Data entries:
##########
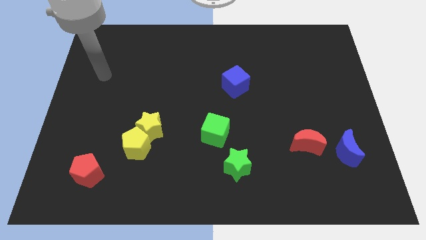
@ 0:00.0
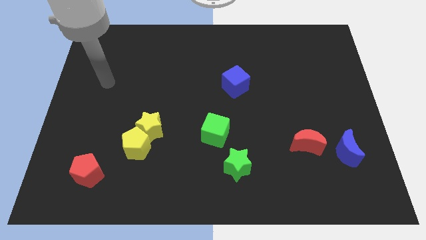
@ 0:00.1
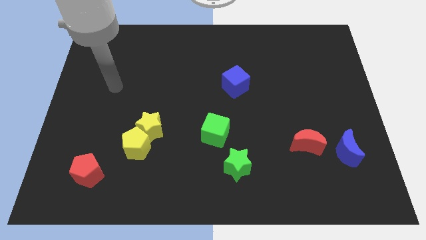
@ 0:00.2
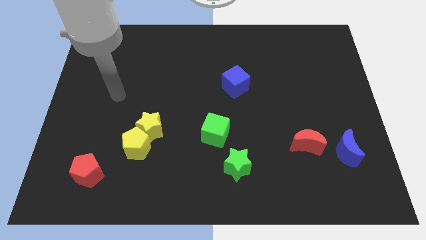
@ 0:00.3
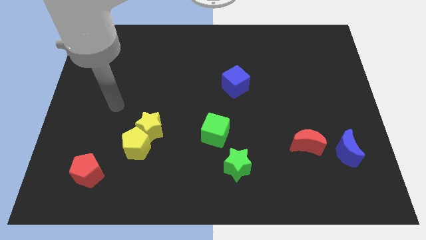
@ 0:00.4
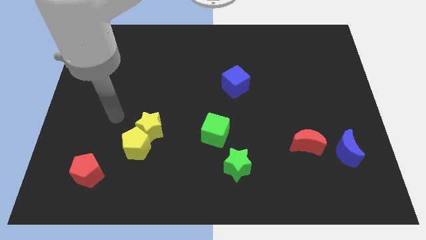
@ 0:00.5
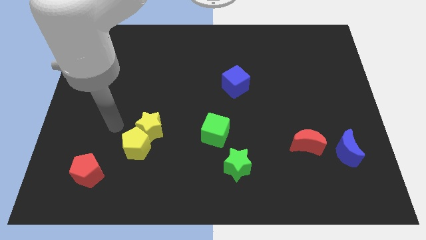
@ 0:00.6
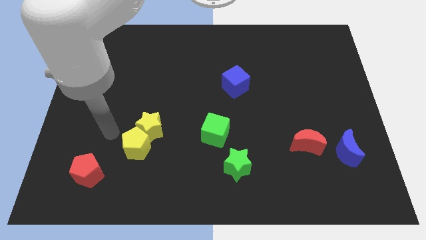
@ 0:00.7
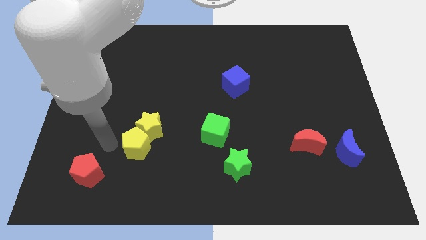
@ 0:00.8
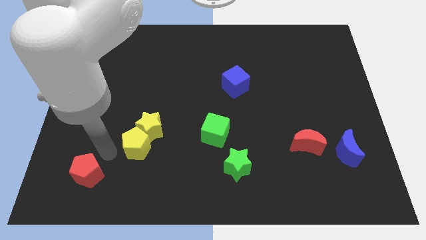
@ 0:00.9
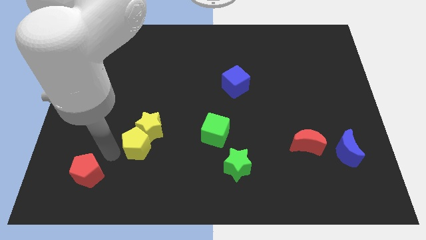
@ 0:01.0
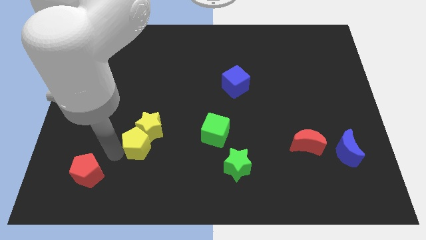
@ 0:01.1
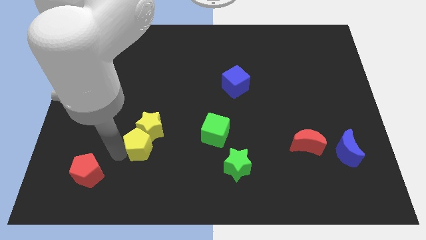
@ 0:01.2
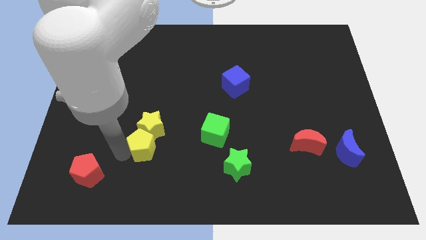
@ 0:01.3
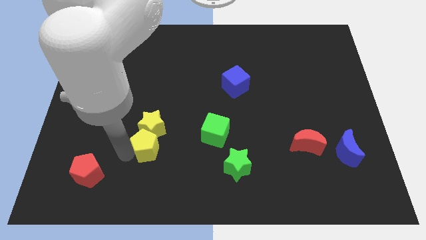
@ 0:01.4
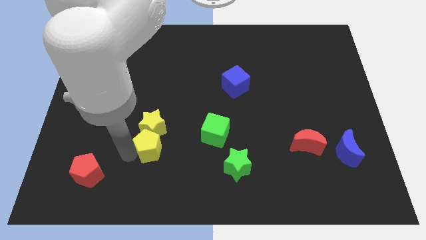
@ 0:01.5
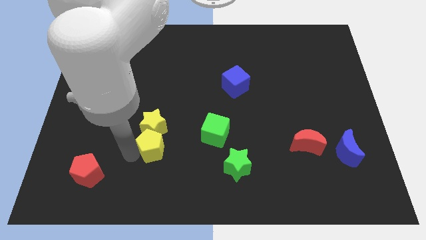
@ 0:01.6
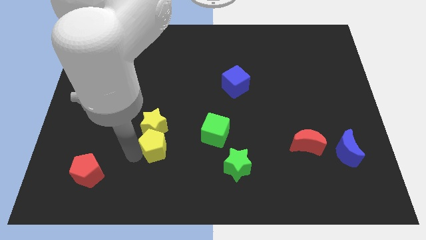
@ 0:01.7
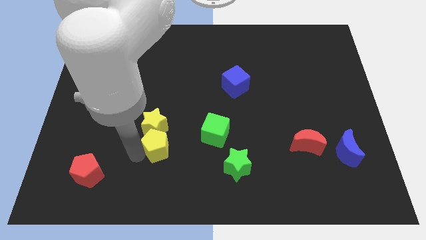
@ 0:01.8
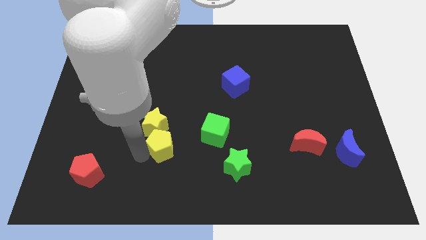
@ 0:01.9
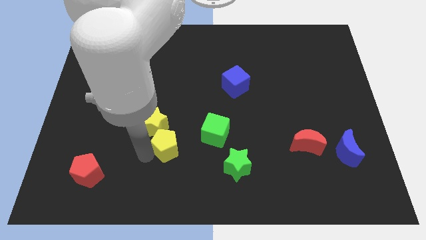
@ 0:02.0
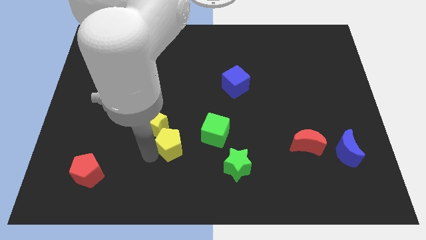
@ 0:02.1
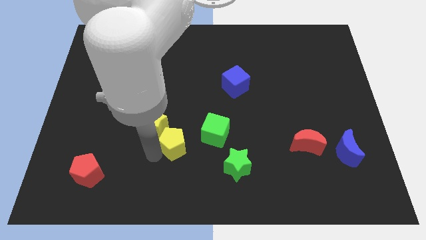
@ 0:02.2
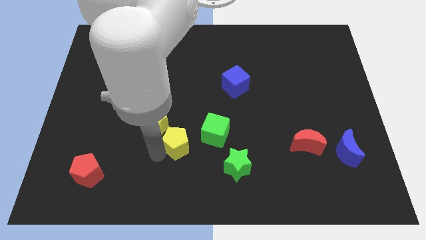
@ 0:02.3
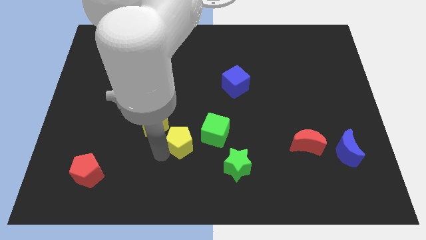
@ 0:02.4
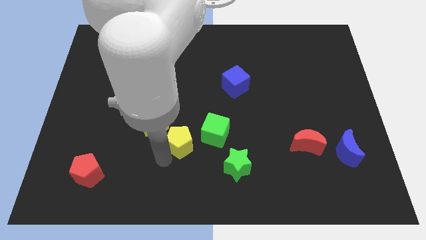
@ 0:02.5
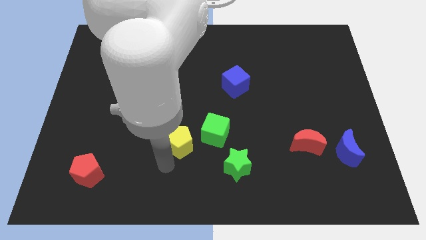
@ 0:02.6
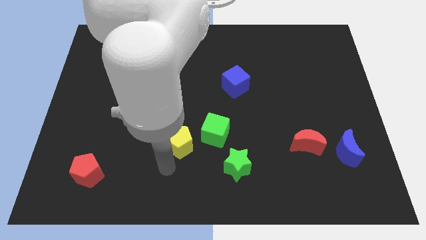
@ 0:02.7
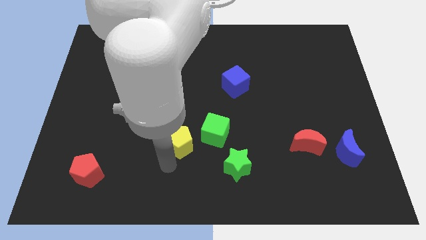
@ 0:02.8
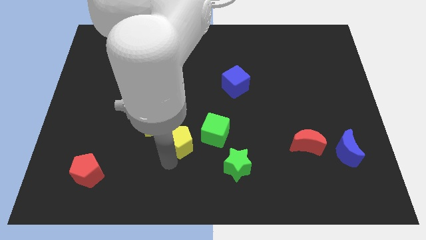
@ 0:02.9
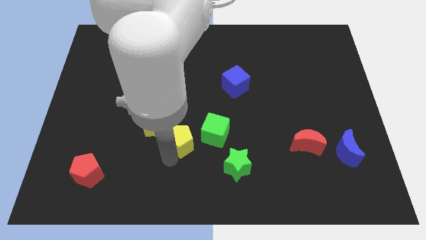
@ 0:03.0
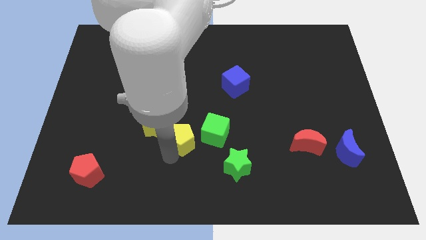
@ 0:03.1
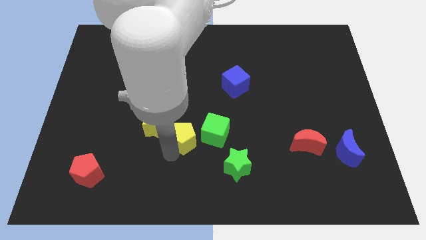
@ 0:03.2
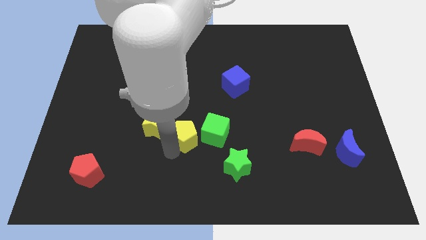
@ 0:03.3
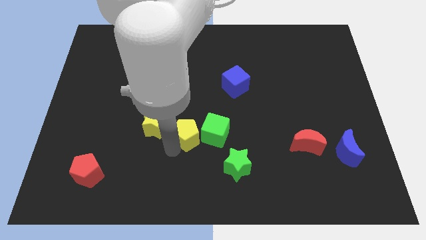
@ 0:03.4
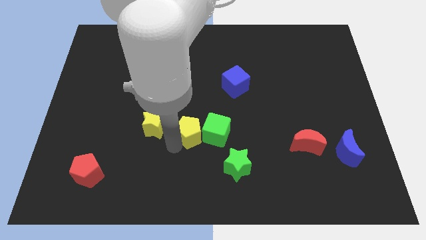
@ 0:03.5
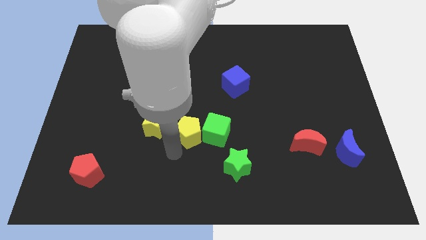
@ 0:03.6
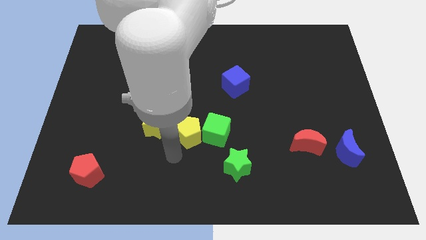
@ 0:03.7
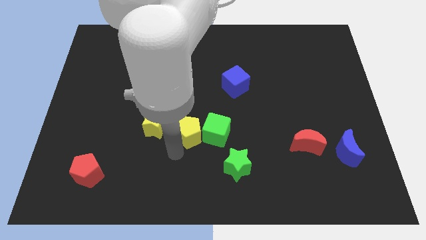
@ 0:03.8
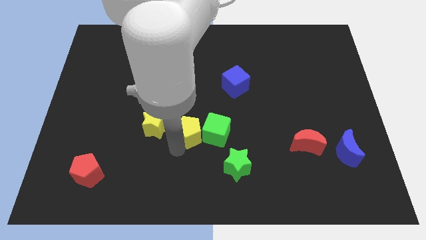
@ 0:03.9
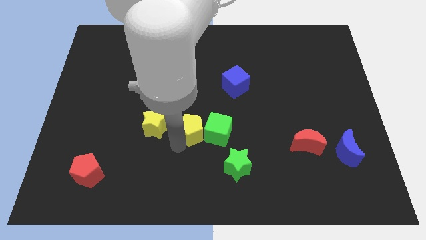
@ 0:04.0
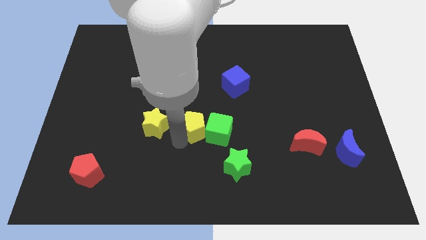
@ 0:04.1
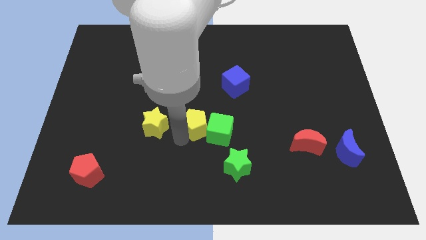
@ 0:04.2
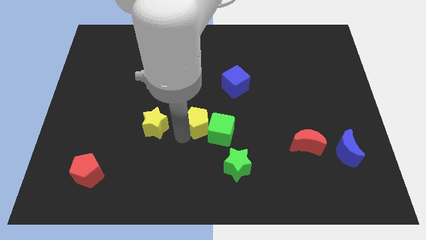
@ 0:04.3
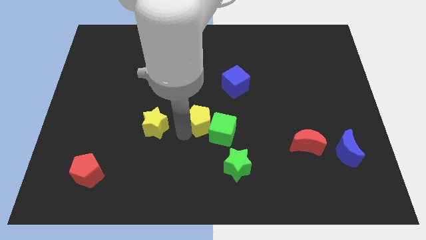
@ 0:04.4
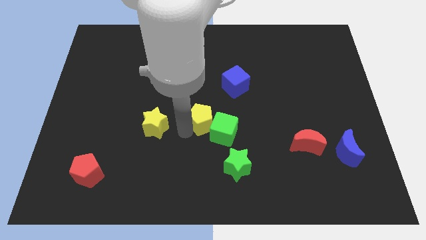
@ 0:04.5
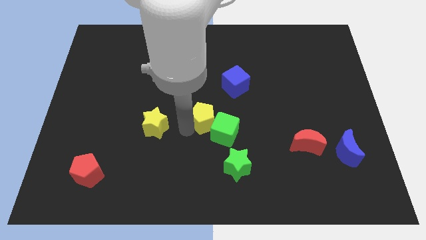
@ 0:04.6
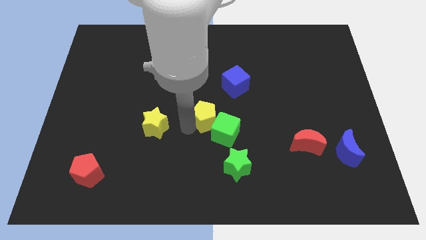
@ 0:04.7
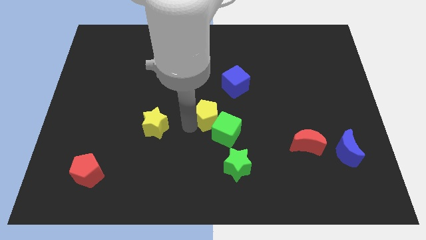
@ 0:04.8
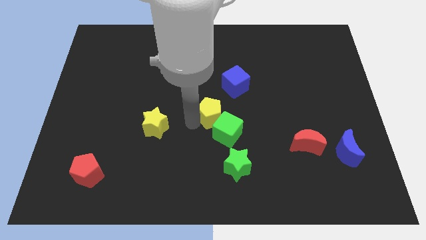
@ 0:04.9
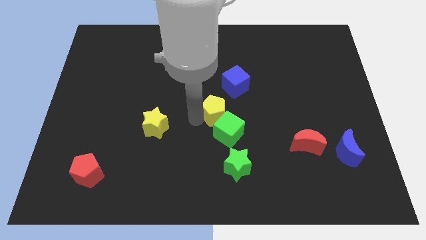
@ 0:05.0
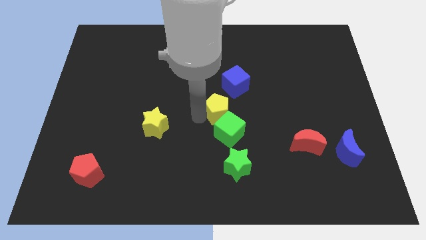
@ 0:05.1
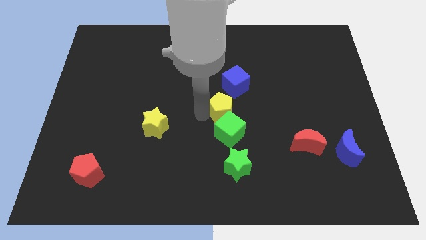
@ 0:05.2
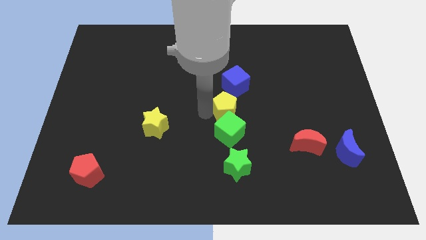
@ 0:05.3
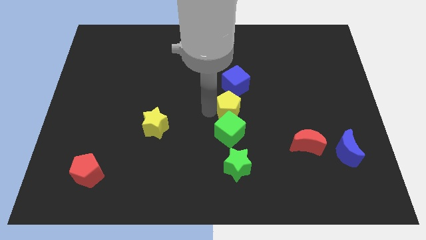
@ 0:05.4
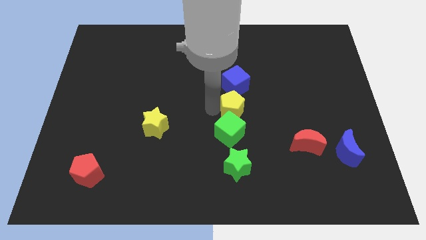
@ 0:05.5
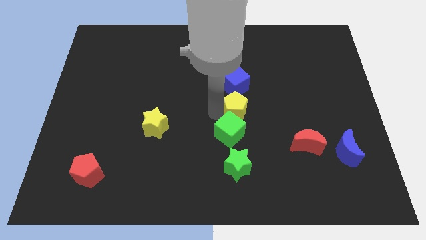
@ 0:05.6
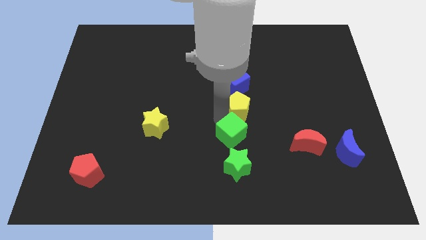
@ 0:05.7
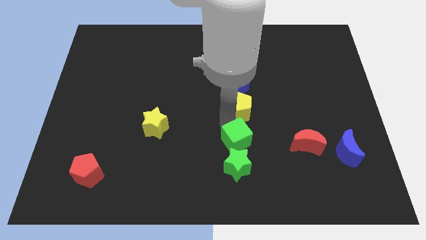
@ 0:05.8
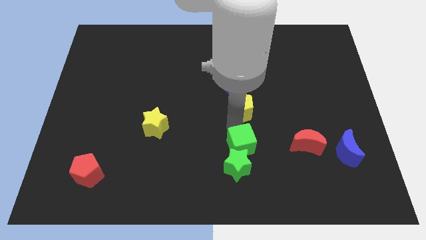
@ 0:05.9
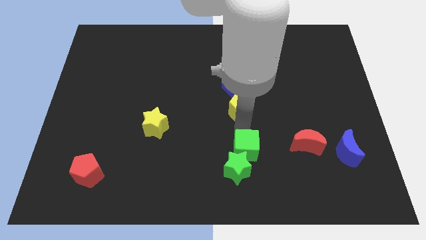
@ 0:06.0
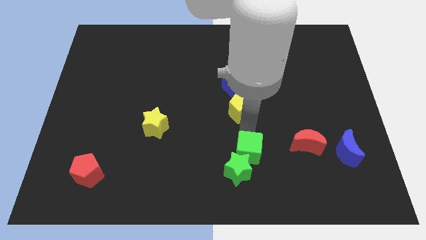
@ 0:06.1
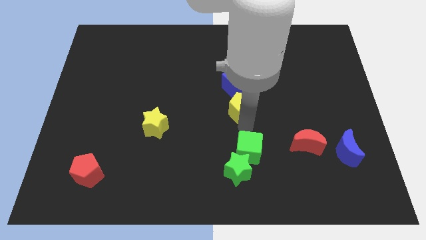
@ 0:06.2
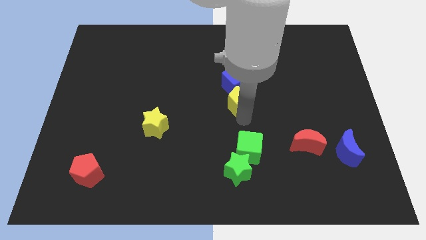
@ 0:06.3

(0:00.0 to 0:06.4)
slide the yellow pentagon towards the blue cube
##########
Requirement:
Your answer must be an exact repeat of all the records, minus the pictures.

Answer section:
@ 0:00.0
@ 0:00.1
@ 0:00.2
@ 0:00.3
@ 0:00.4
@ 0:00.5
@ 0:00.6
@ 0:00.7
@ 0:00.8
@ 0:00.9
@ 0:01.0
@ 0:01.1
@ 0:01.2
@ 0:01.3
@ 0:01.4
@ 0:01.5
@ 0:01.6
@ 0:01.7
@ 0:01.8
@ 0:01.9
@ 0:02.0
@ 0:02.1
@ 0:02.2
@ 0:02.3
@ 0:02.4
@ 0:02.5
@ 0:02.6
@ 0:02.7
@ 0:02.8
@ 0:02.9
@ 0:03.0
@ 0:03.1
@ 0:03.2
@ 0:03.3
@ 0:03.4
@ 0:03.5
@ 0:03.6
@ 0:03.7
@ 0:03.8
@ 0:03.9
@ 0:04.0
@ 0:04.1
@ 0:04.2
@ 0:04.3
@ 0:04.4
@ 0:04.5
@ 0:04.6
@ 0:04.7
@ 0:04.8
@ 0:04.9
@ 0:05.0
@ 0:05.1
@ 0:05.2
@ 0:05.3
@ 0:05.4
@ 0:05.5
@ 0:05.6
@ 0:05.7
@ 0:05.8
@ 0:05.9
@ 0:06.0
@ 0:06.1
@ 0:06.2
@ 0:06.3

(0:00.0 to 0:06.4)
slide the yellow pentagon towards the blue cube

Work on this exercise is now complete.